WHAT IS REQUIRED ->
In the data below, how many lines contain the string "xmlns"? Give only the number.

•••••

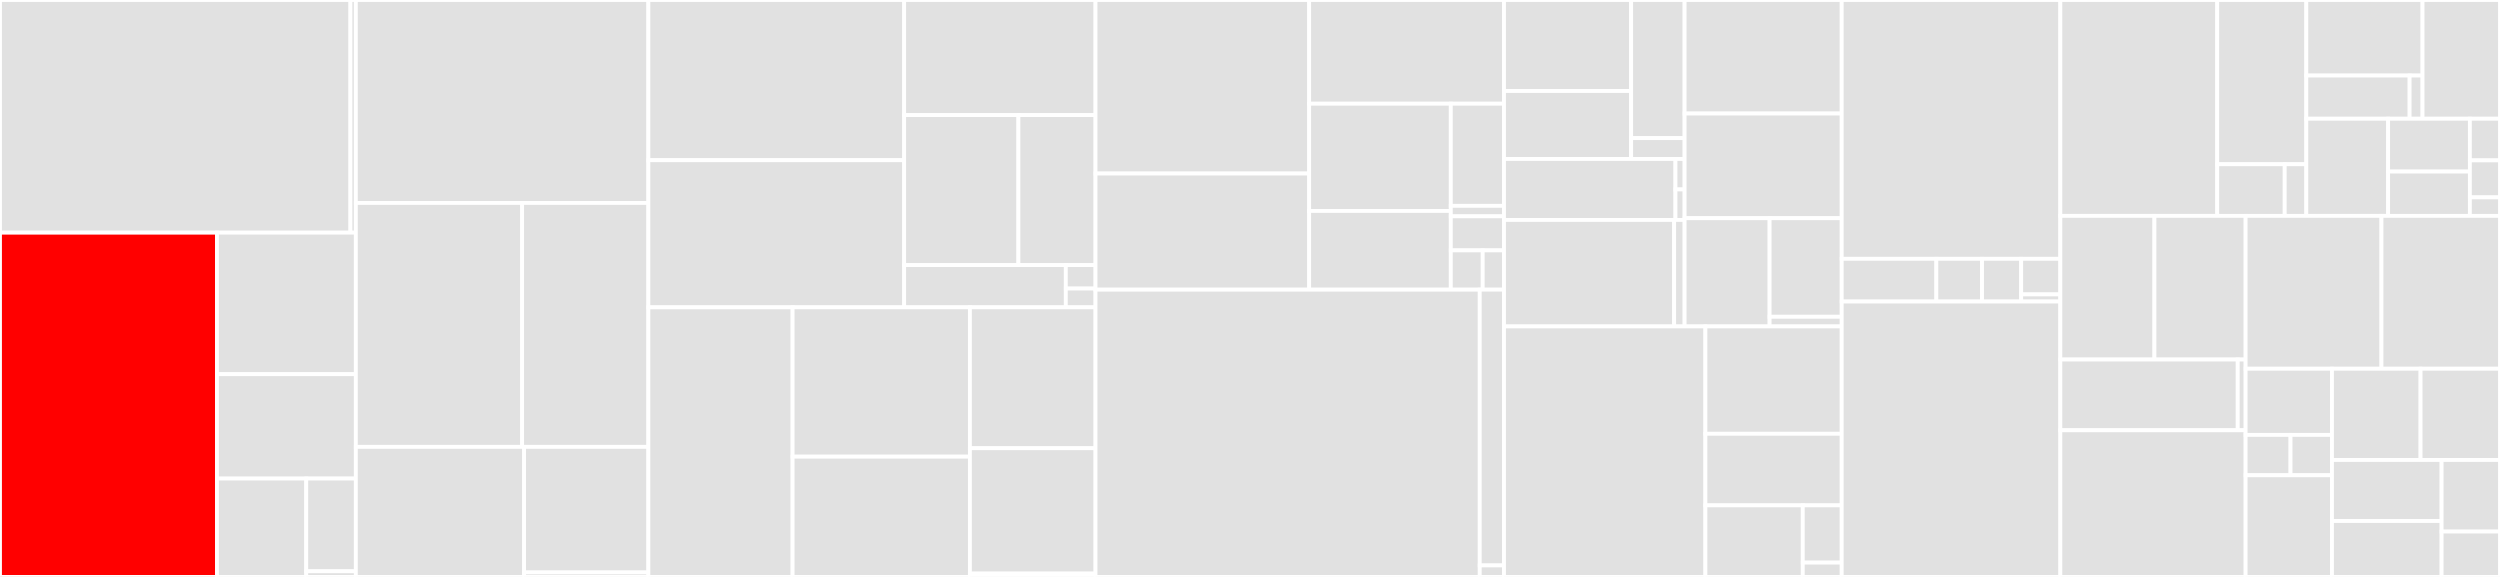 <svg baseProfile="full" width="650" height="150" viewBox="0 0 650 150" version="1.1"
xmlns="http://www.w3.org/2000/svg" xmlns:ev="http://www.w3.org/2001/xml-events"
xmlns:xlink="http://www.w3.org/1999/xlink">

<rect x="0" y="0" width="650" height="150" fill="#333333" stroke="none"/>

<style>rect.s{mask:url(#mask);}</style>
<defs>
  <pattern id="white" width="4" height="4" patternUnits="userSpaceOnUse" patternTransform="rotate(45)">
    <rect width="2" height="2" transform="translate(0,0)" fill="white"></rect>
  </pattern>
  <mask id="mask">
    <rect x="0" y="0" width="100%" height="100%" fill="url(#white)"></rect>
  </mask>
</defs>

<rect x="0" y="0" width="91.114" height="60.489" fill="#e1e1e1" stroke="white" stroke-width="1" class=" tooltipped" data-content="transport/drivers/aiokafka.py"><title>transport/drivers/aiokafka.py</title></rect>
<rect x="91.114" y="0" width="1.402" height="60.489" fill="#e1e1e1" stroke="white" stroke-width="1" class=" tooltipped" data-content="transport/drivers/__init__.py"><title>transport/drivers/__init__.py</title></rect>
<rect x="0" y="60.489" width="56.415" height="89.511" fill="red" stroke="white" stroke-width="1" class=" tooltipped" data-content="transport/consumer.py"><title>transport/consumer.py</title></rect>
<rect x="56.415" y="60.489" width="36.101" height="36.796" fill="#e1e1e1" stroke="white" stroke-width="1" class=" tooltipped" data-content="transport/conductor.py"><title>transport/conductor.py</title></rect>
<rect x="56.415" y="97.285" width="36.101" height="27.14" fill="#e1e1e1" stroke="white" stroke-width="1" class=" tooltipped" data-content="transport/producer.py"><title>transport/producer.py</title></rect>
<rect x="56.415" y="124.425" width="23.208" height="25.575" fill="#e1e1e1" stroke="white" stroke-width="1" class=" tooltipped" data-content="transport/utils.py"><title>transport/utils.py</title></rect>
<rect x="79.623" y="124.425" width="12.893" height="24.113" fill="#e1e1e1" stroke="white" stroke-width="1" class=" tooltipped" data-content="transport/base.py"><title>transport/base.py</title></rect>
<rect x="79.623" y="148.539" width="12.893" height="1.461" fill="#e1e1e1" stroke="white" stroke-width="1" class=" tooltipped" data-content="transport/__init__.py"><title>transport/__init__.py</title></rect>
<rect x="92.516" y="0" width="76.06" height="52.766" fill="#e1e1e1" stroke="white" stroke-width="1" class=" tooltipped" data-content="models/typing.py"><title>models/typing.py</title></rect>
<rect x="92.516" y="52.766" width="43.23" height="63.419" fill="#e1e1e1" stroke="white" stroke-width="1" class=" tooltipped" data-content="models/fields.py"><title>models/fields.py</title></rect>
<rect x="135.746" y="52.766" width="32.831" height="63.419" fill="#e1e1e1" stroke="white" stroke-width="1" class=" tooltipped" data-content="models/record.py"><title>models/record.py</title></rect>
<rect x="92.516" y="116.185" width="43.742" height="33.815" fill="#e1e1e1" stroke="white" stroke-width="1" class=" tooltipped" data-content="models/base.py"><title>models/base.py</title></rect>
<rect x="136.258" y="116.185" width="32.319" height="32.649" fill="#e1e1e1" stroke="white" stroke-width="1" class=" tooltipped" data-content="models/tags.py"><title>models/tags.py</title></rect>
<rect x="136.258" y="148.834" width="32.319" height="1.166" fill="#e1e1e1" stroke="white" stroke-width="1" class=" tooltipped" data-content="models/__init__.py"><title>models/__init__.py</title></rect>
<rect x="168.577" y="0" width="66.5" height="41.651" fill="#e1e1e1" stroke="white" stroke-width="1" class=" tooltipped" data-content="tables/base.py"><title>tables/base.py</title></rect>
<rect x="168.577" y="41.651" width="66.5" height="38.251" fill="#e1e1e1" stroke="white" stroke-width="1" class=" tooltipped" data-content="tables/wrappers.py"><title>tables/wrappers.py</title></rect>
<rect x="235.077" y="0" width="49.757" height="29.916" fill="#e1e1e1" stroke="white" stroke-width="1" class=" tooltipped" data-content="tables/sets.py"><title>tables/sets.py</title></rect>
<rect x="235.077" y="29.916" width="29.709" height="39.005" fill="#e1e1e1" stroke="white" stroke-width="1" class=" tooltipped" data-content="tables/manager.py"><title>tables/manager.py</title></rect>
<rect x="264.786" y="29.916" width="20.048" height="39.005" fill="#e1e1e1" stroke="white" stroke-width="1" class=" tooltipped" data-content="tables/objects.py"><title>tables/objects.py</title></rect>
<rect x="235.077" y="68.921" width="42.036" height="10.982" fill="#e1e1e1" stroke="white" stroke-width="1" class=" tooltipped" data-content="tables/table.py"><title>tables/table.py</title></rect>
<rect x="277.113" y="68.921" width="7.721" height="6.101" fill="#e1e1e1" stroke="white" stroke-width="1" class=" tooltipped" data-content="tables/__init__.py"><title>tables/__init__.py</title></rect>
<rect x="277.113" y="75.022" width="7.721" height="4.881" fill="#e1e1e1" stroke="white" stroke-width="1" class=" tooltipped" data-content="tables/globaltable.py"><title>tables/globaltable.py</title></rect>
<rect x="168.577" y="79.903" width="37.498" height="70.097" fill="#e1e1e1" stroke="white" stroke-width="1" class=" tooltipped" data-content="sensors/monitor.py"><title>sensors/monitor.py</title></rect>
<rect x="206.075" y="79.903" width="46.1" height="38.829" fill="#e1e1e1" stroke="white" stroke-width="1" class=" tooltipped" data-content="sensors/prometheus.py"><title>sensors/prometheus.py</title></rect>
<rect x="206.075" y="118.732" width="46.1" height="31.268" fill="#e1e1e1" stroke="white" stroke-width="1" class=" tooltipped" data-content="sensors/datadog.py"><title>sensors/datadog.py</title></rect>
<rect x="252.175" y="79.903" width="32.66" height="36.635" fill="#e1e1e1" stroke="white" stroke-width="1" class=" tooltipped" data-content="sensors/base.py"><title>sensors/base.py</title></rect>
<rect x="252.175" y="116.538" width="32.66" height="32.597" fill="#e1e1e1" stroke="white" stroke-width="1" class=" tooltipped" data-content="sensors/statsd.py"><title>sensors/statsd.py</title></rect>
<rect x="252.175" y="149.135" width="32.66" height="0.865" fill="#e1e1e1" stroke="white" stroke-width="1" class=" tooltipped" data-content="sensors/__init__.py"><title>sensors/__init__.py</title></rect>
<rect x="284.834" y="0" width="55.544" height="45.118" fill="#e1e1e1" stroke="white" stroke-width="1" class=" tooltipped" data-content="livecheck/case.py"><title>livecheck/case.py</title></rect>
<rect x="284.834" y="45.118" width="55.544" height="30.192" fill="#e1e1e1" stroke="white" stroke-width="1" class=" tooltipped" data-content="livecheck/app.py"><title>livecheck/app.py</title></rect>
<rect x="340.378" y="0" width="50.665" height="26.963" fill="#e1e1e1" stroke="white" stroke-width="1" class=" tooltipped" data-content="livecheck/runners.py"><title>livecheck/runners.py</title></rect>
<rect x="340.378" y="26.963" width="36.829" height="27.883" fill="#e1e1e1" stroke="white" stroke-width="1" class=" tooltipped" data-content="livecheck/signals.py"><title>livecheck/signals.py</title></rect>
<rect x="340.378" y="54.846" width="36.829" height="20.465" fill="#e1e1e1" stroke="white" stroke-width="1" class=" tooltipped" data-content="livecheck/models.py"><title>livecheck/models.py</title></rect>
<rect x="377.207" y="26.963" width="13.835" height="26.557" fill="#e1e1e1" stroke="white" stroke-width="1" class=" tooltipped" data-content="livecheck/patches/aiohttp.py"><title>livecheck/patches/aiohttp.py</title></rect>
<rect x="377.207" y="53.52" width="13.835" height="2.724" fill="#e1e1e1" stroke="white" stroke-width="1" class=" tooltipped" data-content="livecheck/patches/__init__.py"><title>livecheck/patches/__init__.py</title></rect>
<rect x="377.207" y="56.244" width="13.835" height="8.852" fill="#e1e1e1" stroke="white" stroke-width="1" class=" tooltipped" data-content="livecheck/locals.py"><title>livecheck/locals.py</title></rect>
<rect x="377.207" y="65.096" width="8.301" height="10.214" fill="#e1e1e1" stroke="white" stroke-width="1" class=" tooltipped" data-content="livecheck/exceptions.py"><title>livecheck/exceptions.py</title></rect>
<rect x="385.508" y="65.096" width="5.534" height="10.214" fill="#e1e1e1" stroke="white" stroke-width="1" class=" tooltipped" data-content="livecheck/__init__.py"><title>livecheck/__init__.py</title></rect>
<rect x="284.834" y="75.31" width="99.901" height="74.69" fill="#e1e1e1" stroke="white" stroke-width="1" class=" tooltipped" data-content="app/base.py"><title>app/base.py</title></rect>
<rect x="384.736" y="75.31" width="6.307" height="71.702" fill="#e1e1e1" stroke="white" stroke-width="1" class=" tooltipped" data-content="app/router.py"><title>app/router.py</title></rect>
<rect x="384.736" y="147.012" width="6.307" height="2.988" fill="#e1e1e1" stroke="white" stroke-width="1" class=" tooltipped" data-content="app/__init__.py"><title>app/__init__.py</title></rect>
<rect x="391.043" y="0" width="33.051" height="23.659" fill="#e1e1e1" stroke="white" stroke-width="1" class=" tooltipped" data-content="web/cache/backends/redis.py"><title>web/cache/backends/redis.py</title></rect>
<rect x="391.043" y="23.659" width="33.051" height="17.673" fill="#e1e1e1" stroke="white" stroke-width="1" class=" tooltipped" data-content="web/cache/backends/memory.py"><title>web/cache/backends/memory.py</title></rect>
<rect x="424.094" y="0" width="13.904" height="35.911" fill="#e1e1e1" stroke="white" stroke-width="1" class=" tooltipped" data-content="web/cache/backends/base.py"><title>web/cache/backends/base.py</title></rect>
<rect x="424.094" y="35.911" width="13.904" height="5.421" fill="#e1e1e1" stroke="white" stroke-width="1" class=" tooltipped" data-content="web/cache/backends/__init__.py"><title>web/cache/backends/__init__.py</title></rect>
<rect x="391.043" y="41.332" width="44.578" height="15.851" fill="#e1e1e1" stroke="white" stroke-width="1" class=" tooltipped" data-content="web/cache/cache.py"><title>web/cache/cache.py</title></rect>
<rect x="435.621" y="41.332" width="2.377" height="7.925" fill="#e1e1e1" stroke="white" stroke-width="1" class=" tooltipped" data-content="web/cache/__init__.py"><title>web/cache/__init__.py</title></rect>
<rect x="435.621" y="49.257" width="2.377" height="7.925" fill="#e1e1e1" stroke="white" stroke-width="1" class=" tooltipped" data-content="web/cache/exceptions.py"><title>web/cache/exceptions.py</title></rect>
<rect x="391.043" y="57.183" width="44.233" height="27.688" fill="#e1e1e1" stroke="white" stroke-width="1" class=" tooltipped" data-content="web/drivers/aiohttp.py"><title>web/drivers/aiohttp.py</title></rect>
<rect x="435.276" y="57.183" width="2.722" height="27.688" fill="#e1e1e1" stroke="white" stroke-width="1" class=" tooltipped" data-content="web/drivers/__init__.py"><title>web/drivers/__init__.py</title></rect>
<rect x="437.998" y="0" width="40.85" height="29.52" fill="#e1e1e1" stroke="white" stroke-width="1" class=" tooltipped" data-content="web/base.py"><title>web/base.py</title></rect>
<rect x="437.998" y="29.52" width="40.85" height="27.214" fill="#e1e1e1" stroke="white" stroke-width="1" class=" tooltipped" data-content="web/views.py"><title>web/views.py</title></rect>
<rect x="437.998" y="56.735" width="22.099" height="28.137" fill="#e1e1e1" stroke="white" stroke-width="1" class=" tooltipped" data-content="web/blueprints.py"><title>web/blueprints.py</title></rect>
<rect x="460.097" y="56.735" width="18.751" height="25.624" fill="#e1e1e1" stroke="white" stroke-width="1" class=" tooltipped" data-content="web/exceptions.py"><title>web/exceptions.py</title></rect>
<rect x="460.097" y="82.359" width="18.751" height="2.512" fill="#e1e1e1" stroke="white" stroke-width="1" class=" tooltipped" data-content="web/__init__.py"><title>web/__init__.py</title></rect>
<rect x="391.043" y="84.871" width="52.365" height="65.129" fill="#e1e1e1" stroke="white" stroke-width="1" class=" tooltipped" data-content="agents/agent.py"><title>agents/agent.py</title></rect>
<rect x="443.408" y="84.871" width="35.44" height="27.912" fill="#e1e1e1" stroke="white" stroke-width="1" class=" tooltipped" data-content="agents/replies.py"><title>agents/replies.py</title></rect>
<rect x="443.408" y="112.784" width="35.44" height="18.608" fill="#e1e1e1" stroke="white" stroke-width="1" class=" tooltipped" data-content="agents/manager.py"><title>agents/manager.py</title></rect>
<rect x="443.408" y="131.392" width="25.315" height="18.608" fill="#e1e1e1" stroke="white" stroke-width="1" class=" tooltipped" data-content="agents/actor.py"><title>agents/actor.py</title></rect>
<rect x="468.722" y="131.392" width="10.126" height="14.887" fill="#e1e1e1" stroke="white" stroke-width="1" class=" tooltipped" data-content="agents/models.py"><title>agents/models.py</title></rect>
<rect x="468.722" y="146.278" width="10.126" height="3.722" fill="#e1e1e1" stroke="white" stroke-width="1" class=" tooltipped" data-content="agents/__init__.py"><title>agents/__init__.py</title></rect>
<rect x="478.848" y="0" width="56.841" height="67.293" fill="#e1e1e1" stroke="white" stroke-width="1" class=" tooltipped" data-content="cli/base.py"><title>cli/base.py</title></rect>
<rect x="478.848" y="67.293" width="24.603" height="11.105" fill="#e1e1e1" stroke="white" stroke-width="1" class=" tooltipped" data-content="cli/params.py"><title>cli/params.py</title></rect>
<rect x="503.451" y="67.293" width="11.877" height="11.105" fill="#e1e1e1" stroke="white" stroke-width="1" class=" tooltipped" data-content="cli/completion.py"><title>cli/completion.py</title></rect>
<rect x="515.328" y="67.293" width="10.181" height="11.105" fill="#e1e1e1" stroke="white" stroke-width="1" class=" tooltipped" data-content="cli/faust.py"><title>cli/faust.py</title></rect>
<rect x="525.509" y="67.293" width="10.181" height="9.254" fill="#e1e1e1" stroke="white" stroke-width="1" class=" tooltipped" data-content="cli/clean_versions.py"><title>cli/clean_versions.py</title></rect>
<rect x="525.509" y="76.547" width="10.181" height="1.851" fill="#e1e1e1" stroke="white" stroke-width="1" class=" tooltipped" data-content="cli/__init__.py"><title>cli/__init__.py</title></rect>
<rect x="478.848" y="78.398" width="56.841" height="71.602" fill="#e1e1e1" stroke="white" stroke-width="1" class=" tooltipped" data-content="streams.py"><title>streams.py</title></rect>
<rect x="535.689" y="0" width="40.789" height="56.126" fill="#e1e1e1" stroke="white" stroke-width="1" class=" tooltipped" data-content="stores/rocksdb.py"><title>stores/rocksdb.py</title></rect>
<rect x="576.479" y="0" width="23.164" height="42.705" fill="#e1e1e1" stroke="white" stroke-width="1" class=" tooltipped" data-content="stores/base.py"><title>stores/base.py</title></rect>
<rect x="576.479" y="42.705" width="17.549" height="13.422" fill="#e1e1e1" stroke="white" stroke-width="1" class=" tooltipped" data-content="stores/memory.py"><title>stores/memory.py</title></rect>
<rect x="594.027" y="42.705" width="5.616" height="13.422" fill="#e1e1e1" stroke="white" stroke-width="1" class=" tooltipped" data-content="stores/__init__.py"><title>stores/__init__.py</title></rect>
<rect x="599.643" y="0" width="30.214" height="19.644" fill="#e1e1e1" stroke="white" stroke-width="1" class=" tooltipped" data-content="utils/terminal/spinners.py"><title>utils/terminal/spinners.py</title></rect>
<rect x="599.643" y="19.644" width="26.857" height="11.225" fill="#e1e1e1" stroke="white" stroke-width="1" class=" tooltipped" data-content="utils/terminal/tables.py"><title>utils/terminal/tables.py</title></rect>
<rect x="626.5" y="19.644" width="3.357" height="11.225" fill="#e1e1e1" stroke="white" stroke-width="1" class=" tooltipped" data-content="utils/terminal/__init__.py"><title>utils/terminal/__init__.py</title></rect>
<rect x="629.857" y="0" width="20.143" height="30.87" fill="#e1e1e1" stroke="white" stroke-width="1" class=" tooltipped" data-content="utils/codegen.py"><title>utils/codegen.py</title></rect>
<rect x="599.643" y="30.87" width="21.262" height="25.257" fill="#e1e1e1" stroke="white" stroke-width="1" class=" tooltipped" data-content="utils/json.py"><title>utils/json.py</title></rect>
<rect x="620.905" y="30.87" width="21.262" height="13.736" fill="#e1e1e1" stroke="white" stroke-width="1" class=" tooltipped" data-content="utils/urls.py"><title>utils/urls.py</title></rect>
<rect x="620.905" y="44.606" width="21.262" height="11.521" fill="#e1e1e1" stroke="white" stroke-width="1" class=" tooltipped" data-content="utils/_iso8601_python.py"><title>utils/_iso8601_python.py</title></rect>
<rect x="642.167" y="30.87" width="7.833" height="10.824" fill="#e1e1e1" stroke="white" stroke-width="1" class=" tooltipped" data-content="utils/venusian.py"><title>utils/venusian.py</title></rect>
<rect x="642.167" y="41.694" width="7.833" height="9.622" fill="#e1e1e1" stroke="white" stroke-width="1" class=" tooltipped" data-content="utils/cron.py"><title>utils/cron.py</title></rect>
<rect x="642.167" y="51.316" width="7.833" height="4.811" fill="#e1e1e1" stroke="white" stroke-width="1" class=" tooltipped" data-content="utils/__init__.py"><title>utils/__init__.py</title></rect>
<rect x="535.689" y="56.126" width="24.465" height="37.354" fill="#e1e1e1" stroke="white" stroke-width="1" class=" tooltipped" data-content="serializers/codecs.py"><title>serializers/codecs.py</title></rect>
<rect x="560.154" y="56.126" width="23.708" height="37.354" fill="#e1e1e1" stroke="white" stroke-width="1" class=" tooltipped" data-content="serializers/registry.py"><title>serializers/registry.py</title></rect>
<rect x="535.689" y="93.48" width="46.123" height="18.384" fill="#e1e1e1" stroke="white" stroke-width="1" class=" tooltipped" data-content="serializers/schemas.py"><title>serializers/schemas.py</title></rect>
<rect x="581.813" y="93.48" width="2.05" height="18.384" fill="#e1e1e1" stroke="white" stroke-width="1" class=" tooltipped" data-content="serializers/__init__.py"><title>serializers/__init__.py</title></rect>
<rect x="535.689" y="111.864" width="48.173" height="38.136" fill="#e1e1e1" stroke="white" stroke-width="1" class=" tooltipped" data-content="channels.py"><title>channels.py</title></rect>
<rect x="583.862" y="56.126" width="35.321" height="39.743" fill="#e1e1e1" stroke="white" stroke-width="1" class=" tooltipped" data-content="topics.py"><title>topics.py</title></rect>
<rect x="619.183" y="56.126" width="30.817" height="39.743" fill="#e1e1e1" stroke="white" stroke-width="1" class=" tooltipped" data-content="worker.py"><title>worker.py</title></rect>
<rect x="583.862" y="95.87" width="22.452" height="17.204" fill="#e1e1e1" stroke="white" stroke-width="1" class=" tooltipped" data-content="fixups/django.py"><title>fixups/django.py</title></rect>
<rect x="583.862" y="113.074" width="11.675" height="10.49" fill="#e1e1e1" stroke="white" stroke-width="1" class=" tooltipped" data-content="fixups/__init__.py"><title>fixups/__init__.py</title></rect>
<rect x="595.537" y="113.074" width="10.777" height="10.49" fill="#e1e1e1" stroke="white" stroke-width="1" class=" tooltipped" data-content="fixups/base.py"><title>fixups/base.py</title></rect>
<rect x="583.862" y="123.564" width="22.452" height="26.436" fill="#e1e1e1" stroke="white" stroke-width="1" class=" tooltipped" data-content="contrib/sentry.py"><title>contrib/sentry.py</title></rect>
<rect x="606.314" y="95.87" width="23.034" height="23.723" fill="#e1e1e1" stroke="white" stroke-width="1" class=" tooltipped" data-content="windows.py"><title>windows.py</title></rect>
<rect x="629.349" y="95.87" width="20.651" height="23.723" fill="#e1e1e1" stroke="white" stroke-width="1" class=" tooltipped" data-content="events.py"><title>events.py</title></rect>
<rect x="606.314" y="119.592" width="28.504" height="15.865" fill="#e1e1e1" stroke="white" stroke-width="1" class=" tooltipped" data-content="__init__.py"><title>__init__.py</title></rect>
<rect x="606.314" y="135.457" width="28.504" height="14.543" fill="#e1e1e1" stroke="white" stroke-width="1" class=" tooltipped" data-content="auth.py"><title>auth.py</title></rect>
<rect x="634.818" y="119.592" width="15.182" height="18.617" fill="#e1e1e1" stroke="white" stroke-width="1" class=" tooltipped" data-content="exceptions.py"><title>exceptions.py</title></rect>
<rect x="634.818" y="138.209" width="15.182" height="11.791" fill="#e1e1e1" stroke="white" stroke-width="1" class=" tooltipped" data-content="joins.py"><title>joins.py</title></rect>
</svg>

•••••

TASK RESPONSE ->
2